The frustration is palpable. After years of endless debate over playoff expansion, name, image and likeness (NIL) regulations and unwieldy scheduling, the sport’s most influential voices have failed to deliver concrete solutions. The conversation has begun to resemble the polarized discourse of national politics, with each side shouting louder than the other while little progress is made.
Recent meetings of SEC coaches and commissioner Greg Sankey illustrate the stalemate. The gathering produced talk but no tangible outcomes, underscoring a reality that the highest‑paid and most impacted figures in college football wield minimal influence over off‑field decisions.
A Straightforward Fix
The author proposes a simple, yet radical, remedy: require every Power Four conference to schedule the same number of games against other Power Four opponents. By guaranteeing that each program faces an equal slate of elite competition, the sport could restore a baseline of competitive balance that currently favors only a handful of traditional powerhouses.

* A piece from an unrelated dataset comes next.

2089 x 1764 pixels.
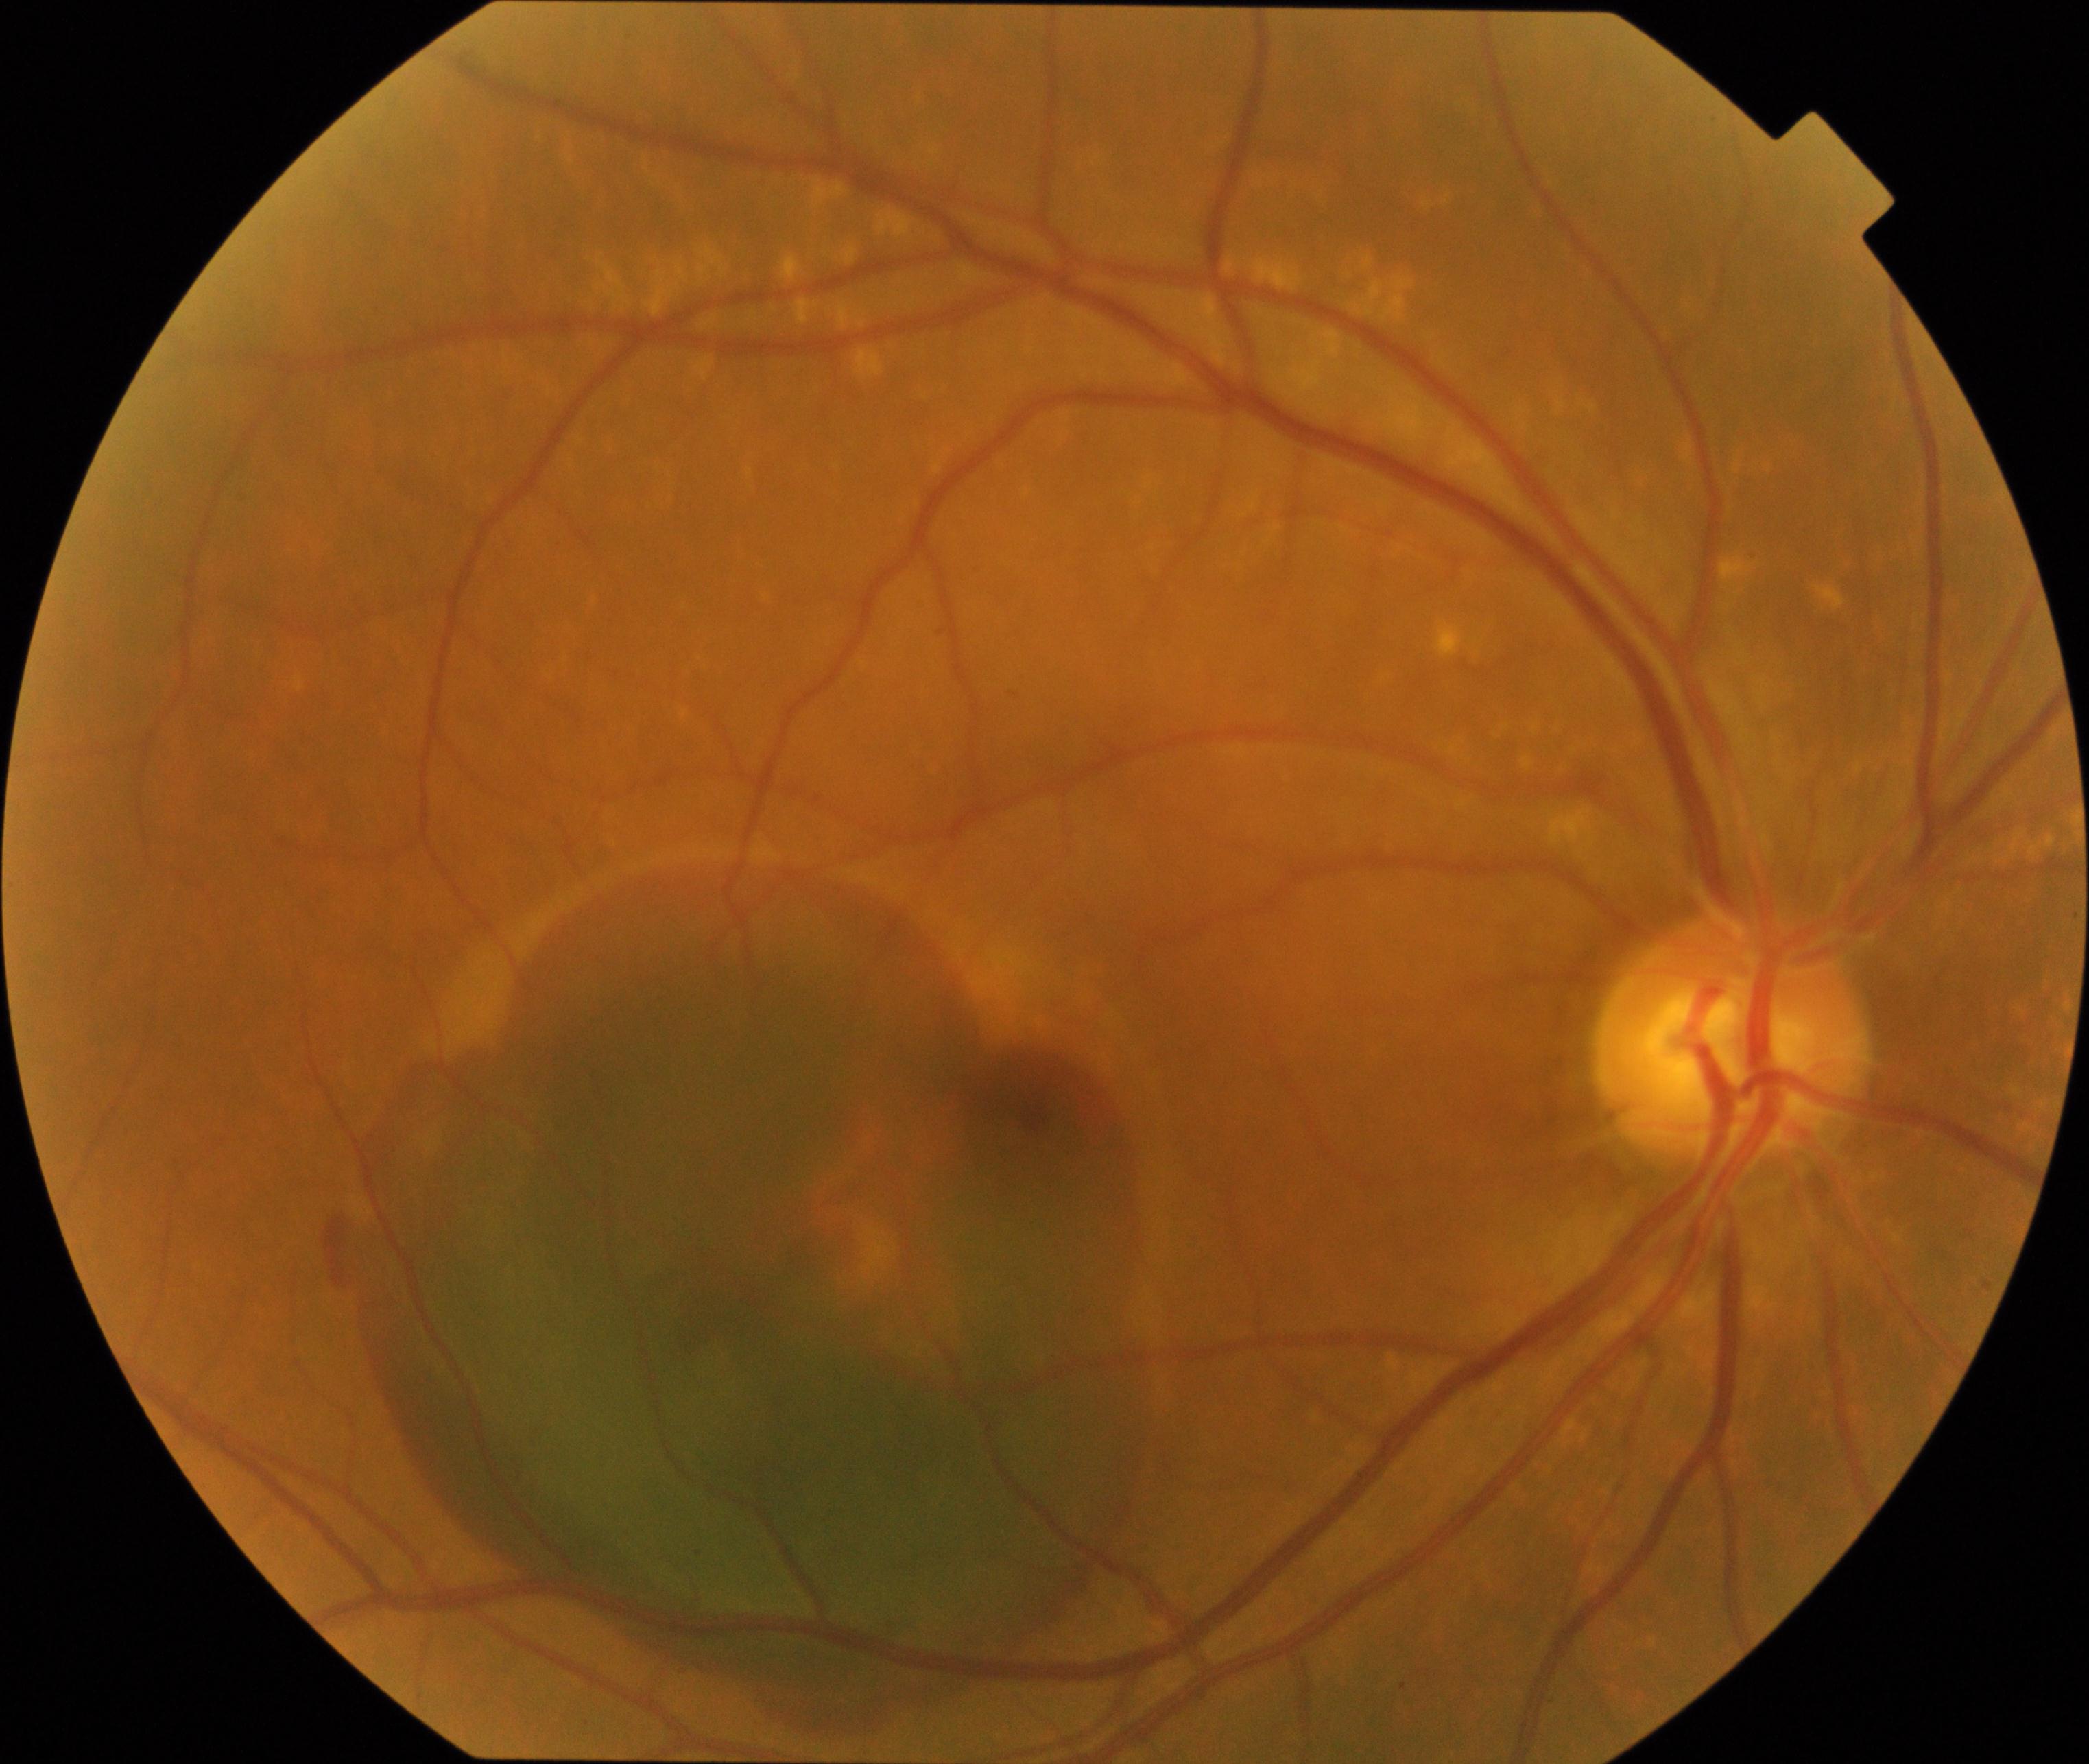 Impression: maculopathy.

The SEC has already taken a step in this direction, moving to a nine‑game conference schedule and adding a tenth Power Four opponent for every team each year. The Big Ten, however, has resisted adopting the same model, a move the author condemns as both inconsistent and detrimental to the broader goal of parity.
Criticism of the Big Ten is sharp. The conference is described as the "loudest but weakest and slimiest" player in the room, refusing to follow the SEC’s lead despite the clear benefits of a unified approach. The author urges the Big Ten to add a tenth Power Four game for all its members, arguing that this would level the playing field and reduce the partisan squabbling that now dominates discussions.
If conferences can agree on a common scheduling formula before the season begins, the ensuing competitive landscape could shift dramatically. Players, coaches and fans alike would benefit from a clearer, more predictable structure that rewards on‑field performance rather than off‑field maneuvering.
The Path Forward
The solution does not require sweeping legislative changes or complex regulatory overhauls. It hinges on a single, enforceable rule: every Power Four program must play an identical number of Power Four opponents each season. Such a rule would create immediate, measurable parity and could serve as a foundation for addressing the sport’s broader challenges.
The conversation is at a crossroads. With leaders like SEC commissioner Greg Sankey, Alabama’s Kirby Smart, Ole Miss’s Lane Kiffin, Texas’s Steve Sarkisian, Georgia’s Jon Sumrall and Auburn’s Eli Drinkwitz all watching, the next move will determine whether college football can escape its current impasse and return to a focus on competition rather than controversy.